Required action
Set down every record below exactly as it stands, minus the pictures.

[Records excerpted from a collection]
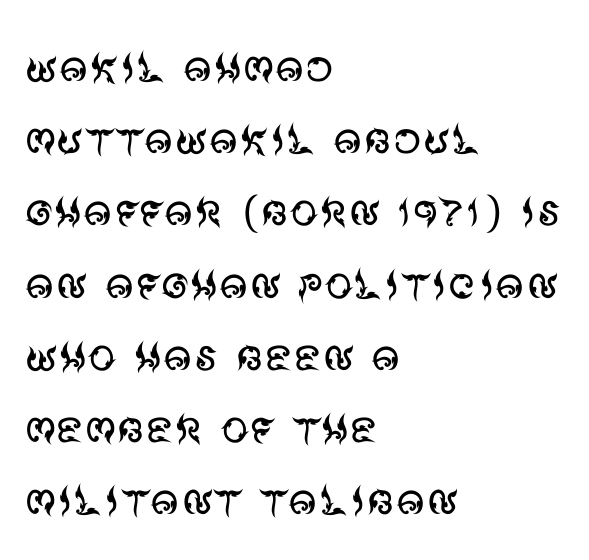
The line texture is even and compact thanks to regular tracking. Type style note: lacks serifs. Letters have the restrained weight of plain body copy at most. A classic flush-left, rag-right setting is used for this passage.
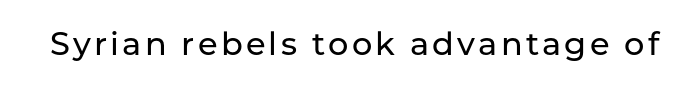
{"serif": "no", "italic": "no", "width": "normal", "stroke_contrast": "low", "x_height": "medium", "monospaced": "no", "underline": "no", "glyph_px": 32}
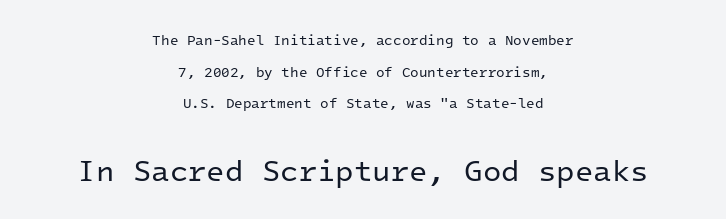
Q: Is the text bold? A: No.
Q: Is the text italic (slanted)? A: No, it is upright.
Q: Is the typeface a serif or a sans-serif typeface? A: Sans-serif.
Q: Is the text underlined? A: No.
Q: How is the paragraph aligned? A: Centered.
Q: Is the spacing between letters normal or unusually wide? A: Normal.
Q: Is the spacing between lines tight, normal or loose? A: Loose.
Q: Which block of text is set in a larger size, the first (top) or the second (bottom)? A: The second (bottom) one.
Q: Width (condensed, normal, or wide)? A: Normal.
Q: Stroke contrast? A: Low.
Q: x-height? A: Medium.
Q: Monospaced? A: Yes.
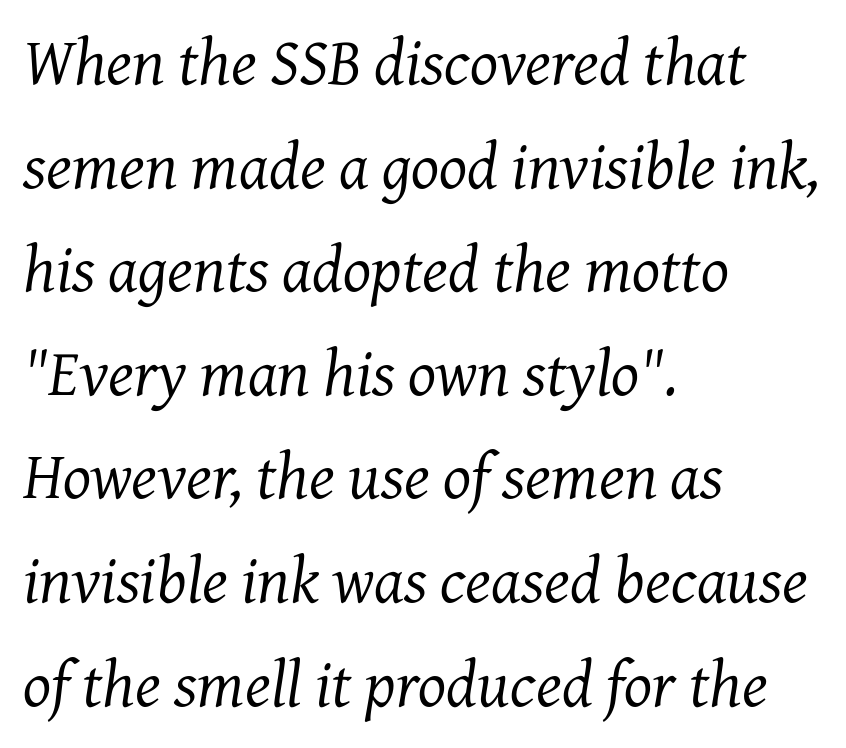
The image shows 66 px regular-weight serif type, italic (leaning right); set left-aligned, normal line spacing (1.57x), normal letter spacing, not underlined; medium stroke contrast and a medium x-height.
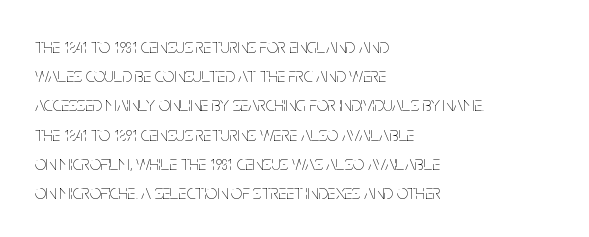
{"italic": "no", "bold": "no", "underline": "no", "align": "left", "line_spacing": "normal", "line_spacing_ratio": 1.46, "letter_spacing": "normal", "letter_spacing_em": 0.0, "glyph_px": 20}
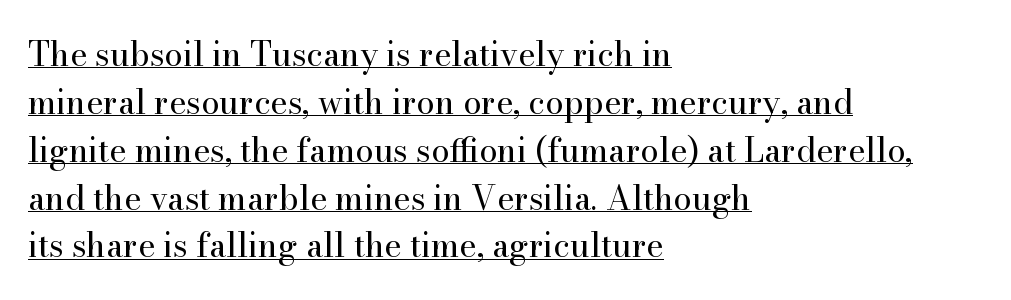
Reading down the block, your eye returns to a fixed left position each line. A typesetter would call this leading conventional body-copy spacing. Weight: not bold — regular or lighter. Honestly, the underline is the first thing you notice here. Tracking here is standard; glyphs follow each other at the usual distance.
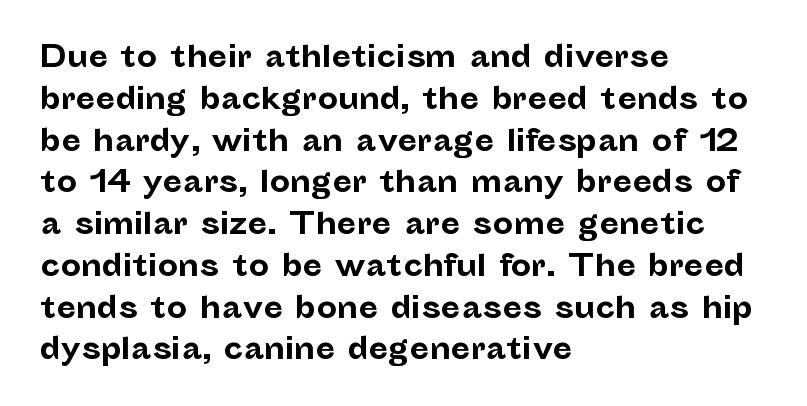
Q: Is the text bold? A: Yes.
Q: Is the text italic (slanted)? A: No, it is upright.
Q: Is the typeface a serif or a sans-serif typeface? A: Sans-serif.
Q: Is the text underlined? A: No.
Q: How is the paragraph aligned? A: Left-aligned.
Q: Is the spacing between letters normal or unusually wide? A: Normal.
Q: Is the spacing between lines tight, normal or loose? A: Normal.
Q: Width (condensed, normal, or wide)? A: Normal.
Q: Stroke contrast? A: Low.
Q: x-height? A: Medium.
Q: Monospaced? A: No.
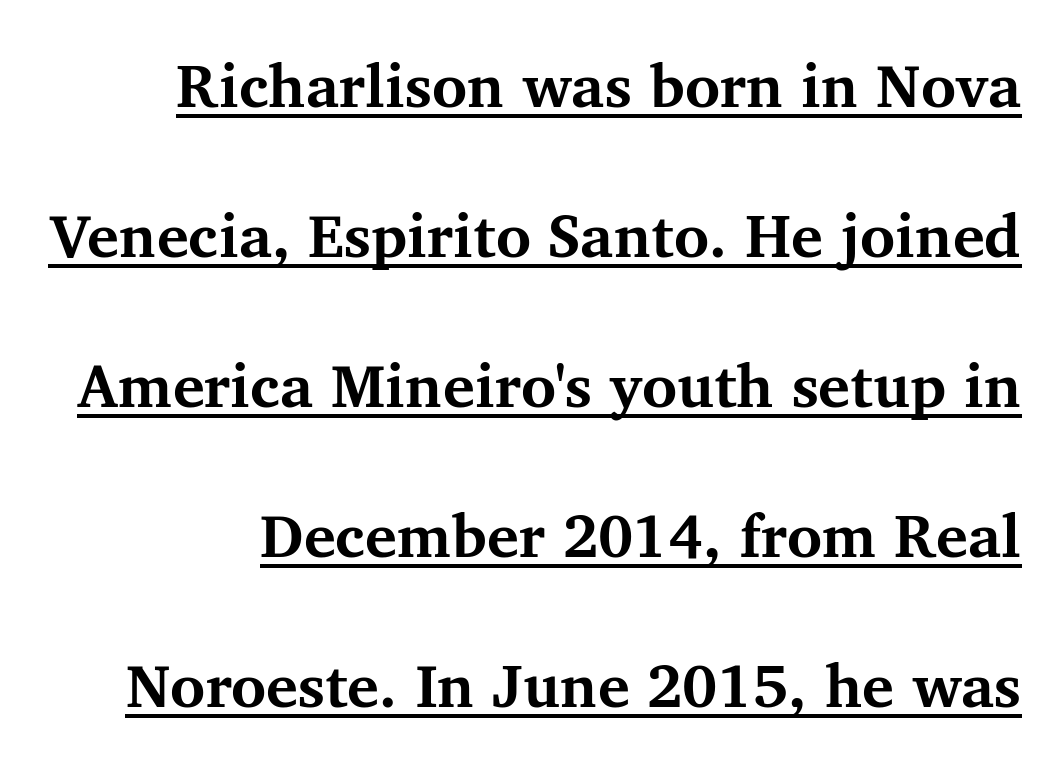
Q: Is the text bold? A: Yes.
Q: Is the text italic (slanted)? A: No, it is upright.
Q: Is the typeface a serif or a sans-serif typeface? A: Serif.
Q: Is the text underlined? A: Yes.
Q: Is the spacing between letters normal or unusually wide? A: Normal.
Q: Is the spacing between lines tight, normal or loose? A: Loose.
Q: Width (condensed, normal, or wide)? A: Normal.
Q: Stroke contrast? A: Medium.
Q: x-height? A: Medium.
Q: Monospaced? A: No.
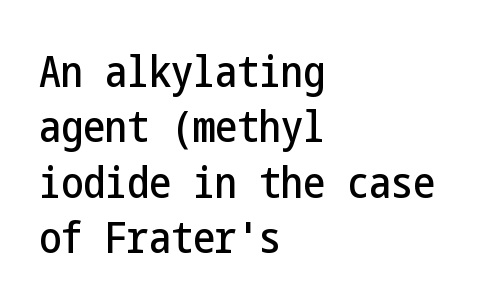
The image shows 44 px condensed sans-serif type, upright; set left-aligned, normal line spacing (1.26x), normal letter spacing, not underlined; low stroke contrast and a medium x-height.
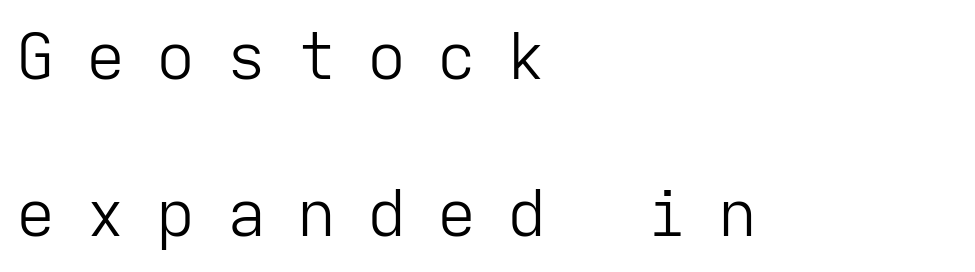
Q: Is the text bold? A: No.
Q: Is the text italic (slanted)? A: No, it is upright.
Q: Is the typeface a serif or a sans-serif typeface? A: Sans-serif.
Q: Is the text underlined? A: No.
Q: How is the paragraph aligned? A: Left-aligned.
Q: Is the spacing between letters normal or unusually wide? A: Unusually wide.
Q: Is the spacing between lines tight, normal or loose? A: Loose.
Q: Width (condensed, normal, or wide)? A: Normal.
Q: Stroke contrast? A: Low.
Q: x-height? A: Medium.
Q: Monospaced? A: Yes.
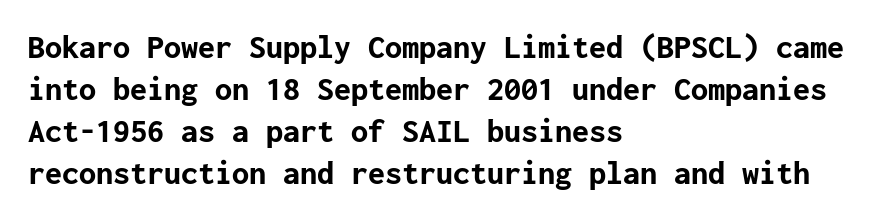
{"serif": "no", "italic": "no", "bold": "yes", "weight": "bold", "width": "normal", "stroke_contrast": "low", "x_height": "medium", "underline": "no", "align": "left", "line_spacing_ratio": 1.24, "letter_spacing": "normal", "letter_spacing_em": 0.0, "glyph_px": 34}
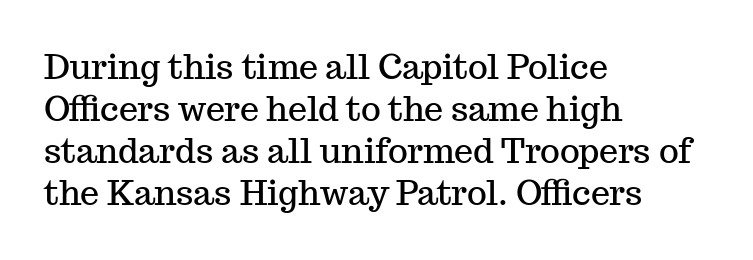
The image shows 34 px serif type, upright; set left-aligned, line spacing 1.24x, normal letter spacing, not underlined; medium stroke contrast and a medium x-height.
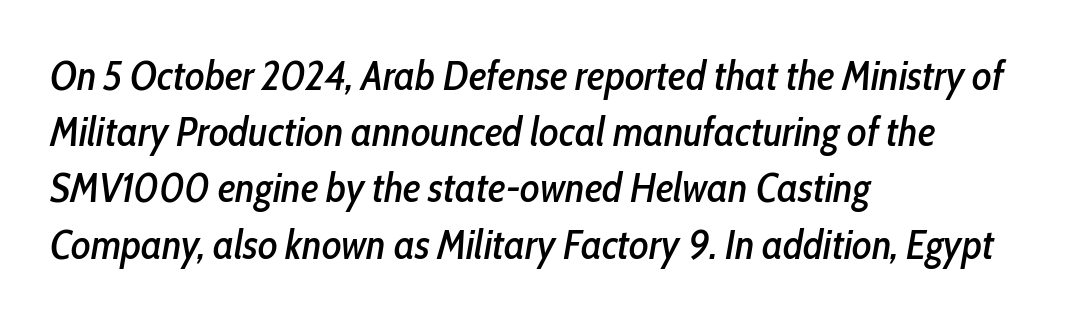
The image shows 41 px condensed type, italic (leaning right); set left-aligned, normal line spacing (1.37x), normal letter spacing, not underlined; low stroke contrast and a medium x-height.
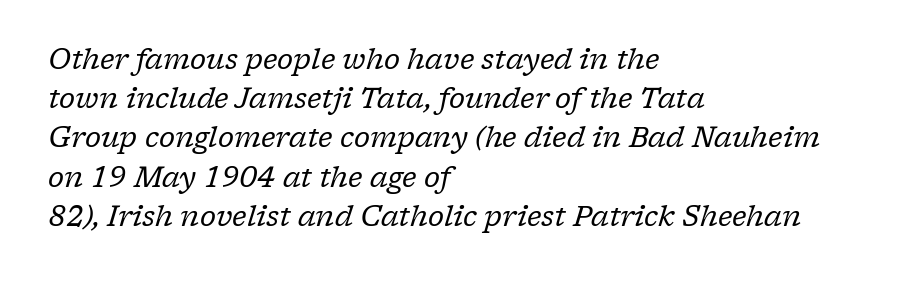
Posture: slanted. Regarding serifs, this sample has them. A bare baseline throughout the passage. Leading: standard. Bold? No — there's no thickening of the strokes. The lines are quadded left.
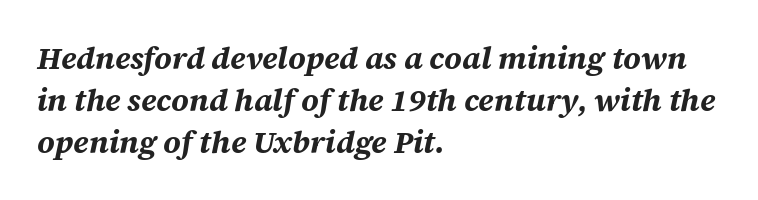
The image shows 31 px bold type, italic (leaning right); set left-aligned, normal line spacing (1.35x), normal letter spacing, not underlined; medium stroke contrast and a large x-height.
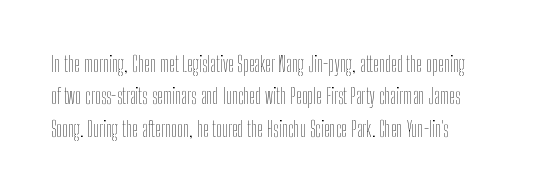
Does extra space separate the letters? No, they use regular spacing. Posture: straight, roman, zero tilt. A quiet, ordinary-to-light weight characterises the typeface. Honestly, the row spacing looks completely unremarkable. The space directly below the letters is spotless.
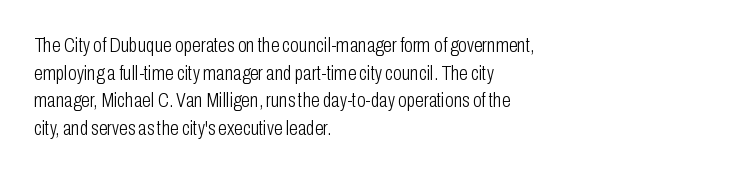
Q: Is the text bold? A: No.
Q: Is the text italic (slanted)? A: No, it is upright.
Q: Is the text underlined? A: No.
Q: How is the paragraph aligned? A: Left-aligned.
Q: Is the spacing between letters normal or unusually wide? A: Normal.
Q: Is the spacing between lines tight, normal or loose? A: Normal.
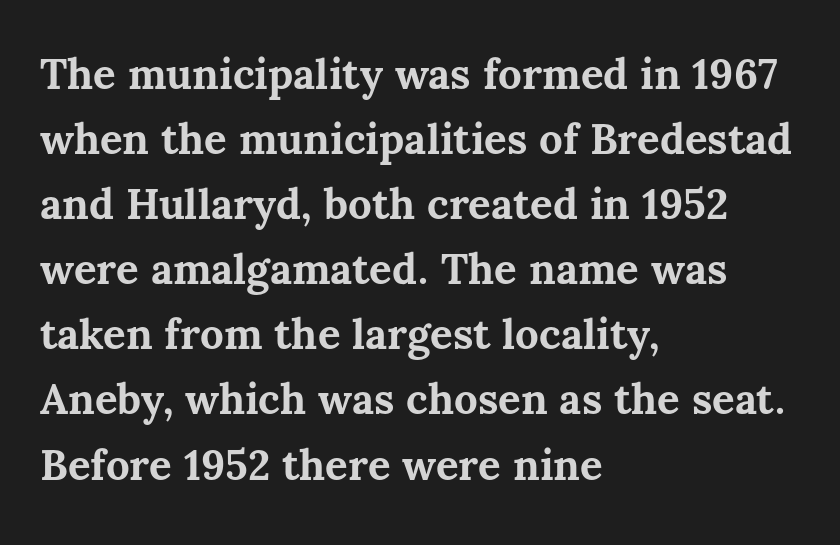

Written response
The line texture is even and compact thanks to regular tracking. Type style note: lacks serifs. Letters have the restrained weight of plain body copy at most. A classic flush-left, rag-right setting is used for this passage.
{"serif": "no", "italic": "no", "width": "normal", "stroke_contrast": "low", "x_height": "medium", "monospaced": "no", "underline": "no", "glyph_px": 32}
Q: Is the text bold? A: No.
Q: Is the text italic (slanted)? A: No, it is upright.
Q: Is the typeface a serif or a sans-serif typeface? A: Sans-serif.
Q: Is the text underlined? A: No.
Q: How is the paragraph aligned? A: Centered.
Q: Is the spacing between letters normal or unusually wide? A: Normal.
Q: Is the spacing between lines tight, normal or loose? A: Loose.
Q: Which block of text is set in a larger size, the first (top) or the second (bottom)? A: The second (bottom) one.
Q: Width (condensed, normal, or wide)? A: Normal.
Q: Stroke contrast? A: Low.
Q: x-height? A: Medium.
Q: Monospaced? A: Yes.
The image shows 66 px regular-weight serif type, italic (leaning right); set left-aligned, normal line spacing (1.57x), normal letter spacing, not underlined; medium stroke contrast and a medium x-height.
{"italic": "no", "bold": "no", "underline": "no", "align": "left", "line_spacing": "normal", "line_spacing_ratio": 1.46, "letter_spacing": "normal", "letter_spacing_em": 0.0, "glyph_px": 20}
Reading down the block, your eye returns to a fixed left position each line. A typesetter would call this leading conventional body-copy spacing. Weight: not bold — regular or lighter. Honestly, the underline is the first thing you notice here. Tracking here is standard; glyphs follow each other at the usual distance.
Q: Is the text bold? A: Yes.
Q: Is the text italic (slanted)? A: No, it is upright.
Q: Is the typeface a serif or a sans-serif typeface? A: Sans-serif.
Q: Is the text underlined? A: No.
Q: How is the paragraph aligned? A: Left-aligned.
Q: Is the spacing between letters normal or unusually wide? A: Normal.
Q: Is the spacing between lines tight, normal or loose? A: Normal.
Q: Width (condensed, normal, or wide)? A: Normal.
Q: Stroke contrast? A: Low.
Q: x-height? A: Medium.
Q: Monospaced? A: No.
Q: Is the text bold? A: Yes.
Q: Is the text italic (slanted)? A: No, it is upright.
Q: Is the typeface a serif or a sans-serif typeface? A: Serif.
Q: Is the text underlined? A: Yes.
Q: Is the spacing between letters normal or unusually wide? A: Normal.
Q: Is the spacing between lines tight, normal or loose? A: Loose.
Q: Width (condensed, normal, or wide)? A: Normal.
Q: Stroke contrast? A: Medium.
Q: x-height? A: Medium.
Q: Monospaced? A: No.
The image shows 44 px condensed sans-serif type, upright; set left-aligned, normal line spacing (1.26x), normal letter spacing, not underlined; low stroke contrast and a medium x-height.
Q: Is the text bold? A: No.
Q: Is the text italic (slanted)? A: No, it is upright.
Q: Is the typeface a serif or a sans-serif typeface? A: Sans-serif.
Q: Is the text underlined? A: No.
Q: How is the paragraph aligned? A: Left-aligned.
Q: Is the spacing between letters normal or unusually wide? A: Unusually wide.
Q: Is the spacing between lines tight, normal or loose? A: Loose.
Q: Width (condensed, normal, or wide)? A: Normal.
Q: Stroke contrast? A: Low.
Q: x-height? A: Medium.
Q: Monospaced? A: Yes.
{"serif": "no", "italic": "no", "bold": "yes", "weight": "bold", "width": "normal", "stroke_contrast": "low", "x_height": "medium", "underline": "no", "align": "left", "line_spacing_ratio": 1.24, "letter_spacing": "normal", "letter_spacing_em": 0.0, "glyph_px": 34}
The image shows 34 px serif type, upright; set left-aligned, line spacing 1.24x, normal letter spacing, not underlined; medium stroke contrast and a medium x-height.
The image shows 41 px condensed type, italic (leaning right); set left-aligned, normal line spacing (1.37x), normal letter spacing, not underlined; low stroke contrast and a medium x-height.
Posture: slanted. Regarding serifs, this sample has them. A bare baseline throughout the passage. Leading: standard. Bold? No — there's no thickening of the strokes. The lines are quadded left.
The image shows 31 px bold type, italic (leaning right); set left-aligned, normal line spacing (1.35x), normal letter spacing, not underlined; medium stroke contrast and a large x-height.
Does extra space separate the letters? No, they use regular spacing. Posture: straight, roman, zero tilt. A quiet, ordinary-to-light weight characterises the typeface. Honestly, the row spacing looks completely unremarkable. The space directly below the letters is spotless.
Q: Is the text bold? A: No.
Q: Is the text italic (slanted)? A: No, it is upright.
Q: Is the text underlined? A: No.
Q: How is the paragraph aligned? A: Left-aligned.
Q: Is the spacing between letters normal or unusually wide? A: Normal.
Q: Is the spacing between lines tight, normal or loose? A: Normal.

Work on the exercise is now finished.